基盤強化求める 日欧EPAで政策提案 全中

 JA全中は、欧州連合(EU)との経済連携協定(EPA)の国内対策に関する政策提案を決めた。牛・豚の経営安定対策(マルキン)の補填(ほてん)率引き上げの早急な実施、国産チーズの競争力強化策、畜産・酪農の生産基盤強化策などが柱。生産者の不安を払拭(ふっしょく)するとともに、産地の体質強化をさらに後押しする政策の確立を求める。

 農水省の影響分析によると、日欧EPAによる関税削減・撤廃や輸入枠の影響で、EUの競争力が高い豚肉や乳製品、牛肉などで国産価格下落の懸念がある。提案では、万全な経営安定対策が必要として、牛・豚マルキンの補填率引き上げなど環太平洋連携協定(TPP)関連法・政策大綱で今後実施するとした対策の早急な実施を求める。

 さらに、乳製品の競争力強化に向けては、生乳の品質向上のため、チーズ向けの一定品質以上の生乳を対象に、加工原料乳生産者補給金とは別枠で生産者を支援する対策を創設するよう求める。特色ある国産チーズの生産拡大の拠点となる施設整備、品質向上やブランド化の支援措置の創設も掲げた。
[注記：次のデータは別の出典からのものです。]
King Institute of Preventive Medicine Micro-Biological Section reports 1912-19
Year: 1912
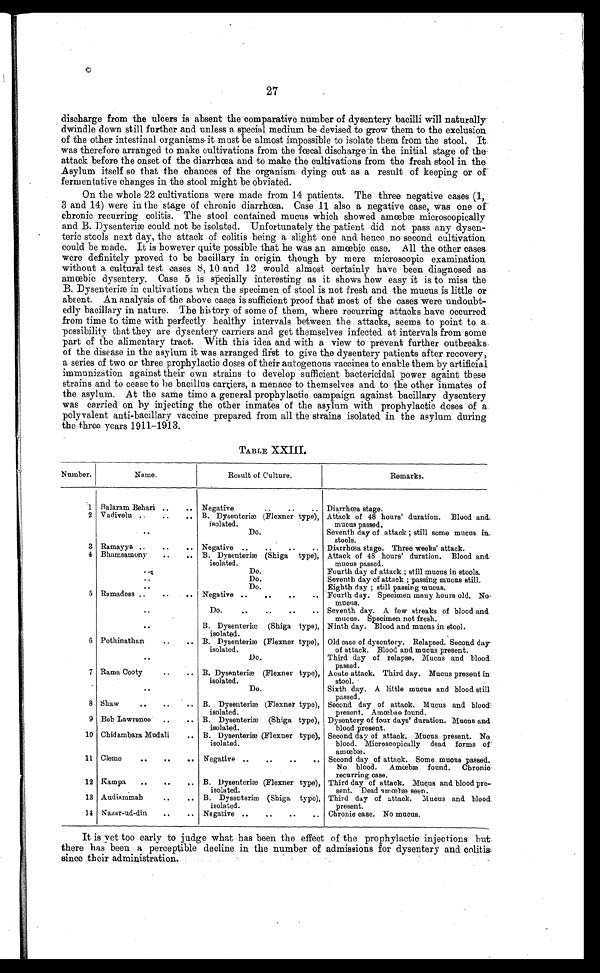
27
discharge from the ulcers is absent the comparative number of dysentery bacilli will naturally
dwindle down still further and unless a special medium be devised to grow them to the exclusion
of the other intestinal organisms-it must be almost impossible to isolate them from the stool. It
was therefore arranged to make cultivations from the fœcal discharge in the initial stage of the
attack before the onset of the diarrhœa and to make the cultivations from the fresh stool in the
Asylum itself so that the chances of the organism dying out as a result of keeping or of
fermentative changes in the stool might be obviated.
On the whole 22 cultivations were made from 14 patients. The three negative cases (1,
3 and 14) were in the stage of chronic diarrhœa. Case 11 also a negative case, was one of
chronic recurring colitis. The stool contained mucus which showed amœbæ microscopically
and B. Dysenteriæ could not be isolated. Unfortunately the patient did not pass any dysen
-
teric stools next day, the attack of colitis being a slight one and hence no second cultivation
could be made. It is however quite possible that he was an amœbic case. All the other cases
were definitely proved to be bacillary in origin though by mere microscopic examination
without a cultural test cases 8, 10 and 12 would almost certainly have been diagnosed as
amœbic dysentery. Case 5 is specially interesting as it shows how easy it is to miss the
B. Dysenteriæ in cultivations when the specimen of stool is not fresh and the mucus is little or
absent. An analysis of the above cases is sufficient proof that most of the cases were undoubt
-
edly bacillary in nature. The history of some of them, where recurring attacks have occurred
from time to time with perfectly healthy intervals between the attacks, seems to point to a
possibility that they are dysentery carriers and get themselves infected at intervals from some
part of the alimentary tract. With this idea and with a view to prevent further outbreaks
of the disease in the asylum it was arranged first to give the dysentery patients after recovery,
a series of two or three prophylactic doses of their autogenous vaccines to enable them by artificial
immunization against their own strains to develop sufficient bactericidal power againt these
strains and to cease to be bacillus carriers, a menace to themselves and to the other inmates of
the asylum. At the same time a general prophylactic campaign against bacillary dysentery
was carried on by injecting the other inmates of the asylum with prophylactic doses of a
polyvalent anti-bacillary vaccine prepared from all the strains isolated in the asylum during
the three years 1911-1913.
TABLE XXIII.
Number.
Name.
Result of Culture.
Remarks.
1 Balaram Behari . . .
Negative . . .
Diarrhœa stage.
2 Vadivelu . . .
B. Dysenteriæ (Flexner type),
isolated.
Attack of 48 hours' duration. Blood and
mucus passed.
. . .
Do.
Seventh day of attack ; still some mucus in
stools.
3 Ramayya . . .
Negative . . . Diarrhœa stage. Three weeks' attack.
4 Bhamsamony . . . B.Dysenteriæ (Shiga type),
isolated.
Attack of 48 hours' duration. Blood and
mucus passed.
. . .
Do.
Fourth day of attack ; still mucus in stools.
. . .
Do.
Seventh day of attack ; passing mucus still.
. . .
Do.
Eighth day ; still passing mucus.
5 Ramadoss . . . Negative . . . Fourth day. Specimen many hours old. No.
mucus.
. . . Do. . . . Seventh day. A few streaks of blood and
mucus. Specimen not fresh.
. . .
B. Dysenteriæ (Shiga type),
isolated.
Ninth day. Blood and mucus in stool.
6 Pothinathan . . . B. Dysenteriæ (Flexner type),
isolated.
Old case of dysentery. Relapsed. Second day
of attack. Blood and mucus present.
. . .
Do.
Third day of relapse. Mucus and blood
passed.
7 Rama Cooty . . . B. Dysenteriæ (Flexner type),
isolated.
Acute attack. Third day. Mucus present in
stool.
. . .
Do.
Sixth day. A little mucus and blood still
passed.
8 Shaw . . .
B. Dysenteriæ (Flexner type),
isolated.
Second day of attack. Mucus and blood
present. Amœbae found.
9 Bob Lawrence . . .
B. Dysenteriæ (Shiga type),
isolated.
Dysentery of four days' duration. Mucus and
blood present.
10 Chidambara Mudali . . . B. Dysenteriæ (Flexner type),
isolated.
Second day of attack. Mucus present. No
blood. Microscopically dead forms of
amœbæ.
11 Clemo . . . Negative . . . Second day of attack. Some mucus passed.
No blood. Amœbæ found.
Chronic
recurring case.
12 Kampa . . .
B. Dysenteriæ (Flexner type),
isolated.
Third day of attack. Mucus and blood pre
-
sent. Dead amœbæ
seen.
13 Audiammah . . . B. Dysenteriæ (Shiga type),
isolated.
Third day of attack. Mucus and blood
present.
14 Nazar-ud-din . . . Negative . . . Chronic case. No mucus.
It is yet too early to judge what has been the effect of the prophylactic injections but
there has been a perceptible decline in the number of admissions for dysentery and colitis
since their administration.
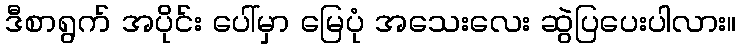
ဒီစာရွက် အပိုင်း ပေါ်မှာ မြေပုံ အသေးလေး ဆွဲပြပေးပါလား။
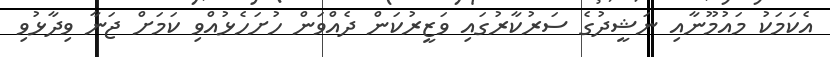
އެކަމަކު މައުމޫނާއި ނަޝީދުގެ ސަރުކާރުގައި ވަޒީރުކަން ދެއްވަން ހުށަހެޅުއްވި ކަމަށް ޖަނާ ވިދާޅުވި
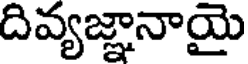
దివ్యజ్ఞానాయై
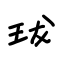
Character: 珑
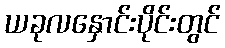
ယခုလနှောင်းပိုင်းတွင်
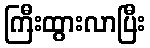
ကြီးထွားလာပြီး
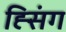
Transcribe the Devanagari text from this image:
ह्सिंग
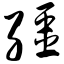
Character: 缰
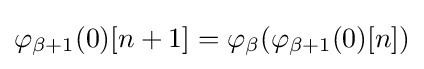
\varphi _{\beta +1}(0)[n+1]=\varphi _{\beta }(\varphi _{\beta +1}(0)[n])
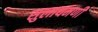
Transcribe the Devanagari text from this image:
सुलायमणी
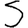
Digit: 5
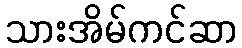
သားအိမ်ကင်ဆာ
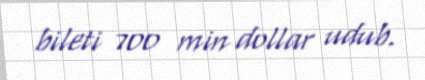
bileti 700 min dollar udub.
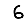
Digit: 6

 生産基盤を強化するため、性判別精液や受精卵の利用促進といった優良乳用牛の増頭対策の拡充、畜産クラスター事業の十分な予算確保も訴える。国産小麦の生産振興に必要な対策の財源確保、TPP対策である輸入加糖調製品からの調整金徴収の早期実施なども盛り込んだ。

 また、財務省の審議会が日欧EPAやTPP対策の縮小を求める提言を出したことを念頭に、万全の予算措置を確保することも指摘した。「既存の農林水産予算に支障を来さないよう政府全体で責任を持って毎年の予算編成過程で確保する」とした政府のTPP関連政策大綱の踏襲を求める。

 政府・与党は月内にも日欧EPA対策を取りまとめ、2017年度補正予算案にも盛り込む方向で議論している。今後、JAグループは政策提案を基に与党に働き掛ける方針だ。